Deploying a Modular “Ralph” AI Agent to Kubernetes (Helm + Docker + ConfigMaps)

This idea is to create a Helm chart (.helm/) for running an autonomous coding agent (“Ralph”) as a Kubernetes Job. The core concept is:

  • Prompts are code (versioned, modular, templated).
  • The agent runtime is a container image (CLIs + polyglot toolchain).
  • Scripts + prompts ship as ConfigMaps (mounted into the Job).
  • Workspace + credentials persist in a PVC (so runs can resume and auth survives across pods).

Below is the setup process, from prompt design through operational tooling.

Designing the prompt (and making it modular)

1) Split “base” rules from provider-specific rules

The easiest way to keep prompts maintainable is to have:

  • a base prompt that defines how the agent works (iteration loop, task selection, boundaries, etc.)
  • a provider prompt that defines model-specific guidance (Claude vs Gemini vs others)

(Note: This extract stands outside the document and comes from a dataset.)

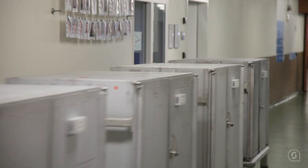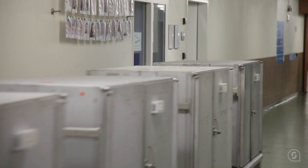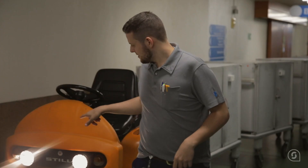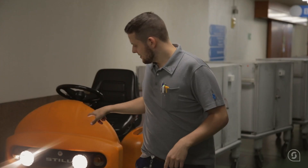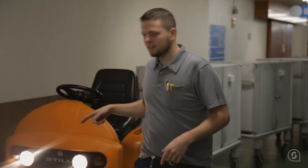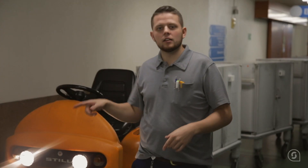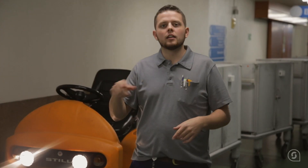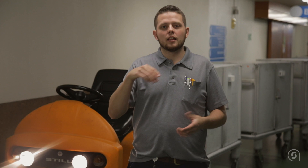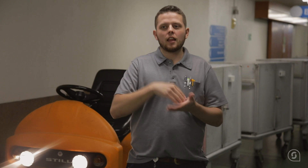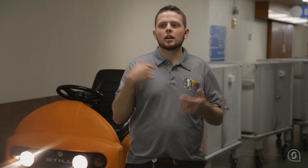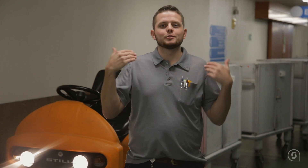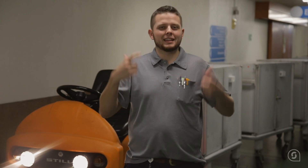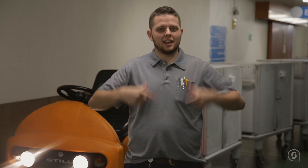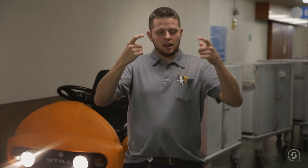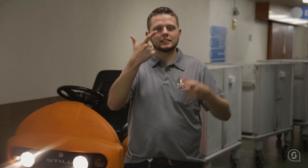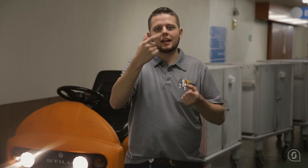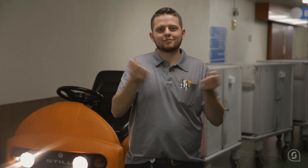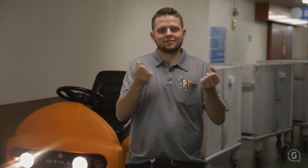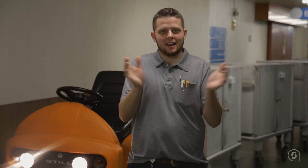Im Spital gibt es zwei Kleinkansporter.

This repo follows that structure under:

  • .helm/prompts/base-prompt.md
  • .helm/prompts/claude-prompt.md
  • .helm/prompts/gemini-prompt.md

The chart compiles the final prompt using a ConfigMap template that concatenates the base + provider prompt and runs Helm templating (tpl) so you can inject values like job.expertise:

# .helm/templates/configmap-prompts.yaml
data:
  system-prompt.md: |
    {{- $base := .Files.Get "prompts/base-prompt.md" -}}
    {{- $providerSpec := .Files.Get (printf "prompts/%s-prompt.md" .Values.job.aiProvider) -}}
    {{- $combined := printf "%s\n\n%s" $base $providerSpec -}}
    {{- tpl $combined . | nindent 4 -}}

2) Use a completion sentinel (but keep it safe)

Autonomous agents typically need a single unambiguous “done” signal so the outer loop can stop cleanly.

The base prompt and scripts use a strict completion sentinel tag. In this blog post, we’ll refer to it abstractly as:

  • <<COMPLETE_SENTINEL>>

…to avoid accidentally copy/pasting the real tag into places it doesn’t belong.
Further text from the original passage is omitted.